Of course this makes a lot of people uncomfortable. One reason I think this is so, although Elliott doesn't explicitly raise it, is that the existence of this possibility depends on a lot of social conditions which are unjust and produce a lot of unnecessary suffering. Besides America's various underclasses, there are many developing nations in which persons are ruthlessly exploited to produce cheap consumer goods. Similarly, many of us lack awareness of the sordid and bloody history of attaining and sustaining this affluence.
I think that this is an excellent point. In focusing on one's own individual contentment, it's easy to lose track of the massive amount of unjust suffering in the world. However--and this is my central argument against a position like Elliott's--while in a state of extreme sadness, one simply lacks the motivation and the energy to do something about that.
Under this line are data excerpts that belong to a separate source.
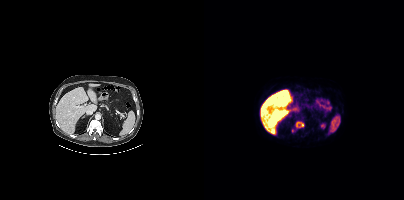
Left: CT. Right: PSMA PET, same axial level, 18F tracer. Slice 307 of 508. PET panel 200×200 px (4.1 mm/px). Coordinates are on the 200×200 PET (right) panel. PSMA-avid tumor lesion bounding box (x0,y0,x1,y1): [87,121,100,132].
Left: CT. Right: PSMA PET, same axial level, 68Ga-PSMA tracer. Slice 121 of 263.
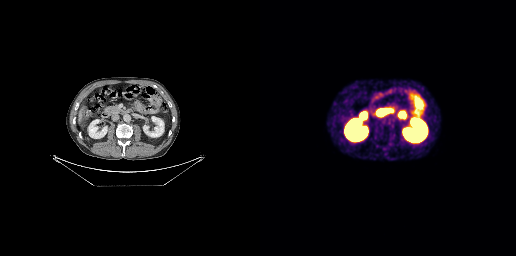
No tumor lesions annotated on this slice.
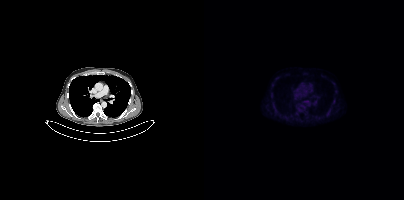
Two-panel axial: CT | PSMA PET, [18F]PSMA-1007 tracer. Slice position z = -526 mm. Coordinates are on the 200×200 PET (right) panel. Small PSMA-avid focus (2 to 4 px across) near (center x, center y): (95, 110).
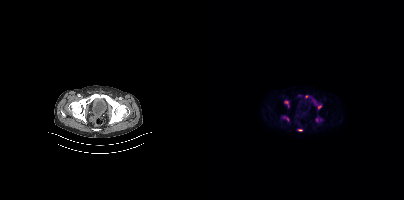
Findings: Coordinates are on the 200×200 PET (right) panel. (showing 7 of 8 foci) PSMA-avid tumor lesion bounding boxes (x0, y0)-(x1, y1): (112, 118)-(114, 122) / (94, 129)-(98, 131). Small PSMA-avid foci (2 to 4 px across) near (center x, center y): (82, 102) / (115, 106) / (102, 96) / (83, 119) / (116, 119).
Technique: Two-panel axial: CT | PSMA PET, 18F-PSMA tracer. PET panel 200×200 px (4.1 mm/px).
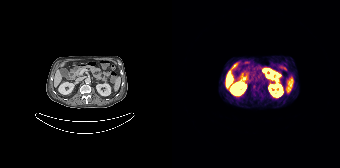
{"pet_grid":[168,168],"coord_frame":"pet_panel","coord_format":"x0,y0,x1,y1","partial":true,"lesion_bboxes":[],"modality":"PSMA PET/CT","view":"axial","tracer":"68Ga-PSMA"}

As Spinoza understands it, and rightly so I think, sadness is a recognition of our impotence, of the ways in which we are limited. Nothing is gained by feeling sad about something that cannot be changed--such as the past--and something is lost or at least endangered, viz., our capacity to do something positive, if we feel sad about those things which we might be able to affect.
While sadness might have some evolutionarily adaptive value, it is simply a counterproductive feeling and is by no means a necessary prerequisite of bringing about positive social change. Sadness is the real luxury, not happiness. Alienation may be "reasonable" or "appropriate" in our society, but it sure as hell won't change anything.
Let us return to the example of Sisyphus. Keeping in mind that his situation is fantastical, I think that especially for him what matters is happiness. He is stuck in a situation he has no power to change. What does it matter if he, as Elliott interprets Camus, is happy, not in the sense of emotional wellbeing, but only in the sense of being conscious of the absurdity of his predicament? In other words, what does it matter if he is alienated? Perhaps it makes us feel better that his is an "appropriate response" to his "predicament", but it does little for Sisyphus except perhaps give him some feeling of moral superiority, a slim consolation indeed compared to the tragedy of his infinite torment.
As Wittgenstein so aptly puts it, somewhere in his notebooks, "The world of the happy man is not the same as the world of the unhappy man." And the difference between the happy world and the unhappy world can be the only one that matters in our nihilistic age. (This last point I recently wrote a paper about, so I will not develop it further for right now. By nihilism, I mean something like recognition of the contingency of all structures of meaning. In other words, every belief or value is simply regarded as a choice among numerous others, with no criteria upon which to choose. Picture life in the existential shopping mall, to use philosopher James Edwards' analogy.)
I am not convinced that medicalizing life's woes is incompatible with social critique. The suffering that depression brings about is as real as the suffering of malnutrition, although different in kind. It is certainly tragic that so many ignore the latter kind of suffering, but the cure for this is not to be found in the former. In short, this is why I am against "Against Happiness" and for Against Depression.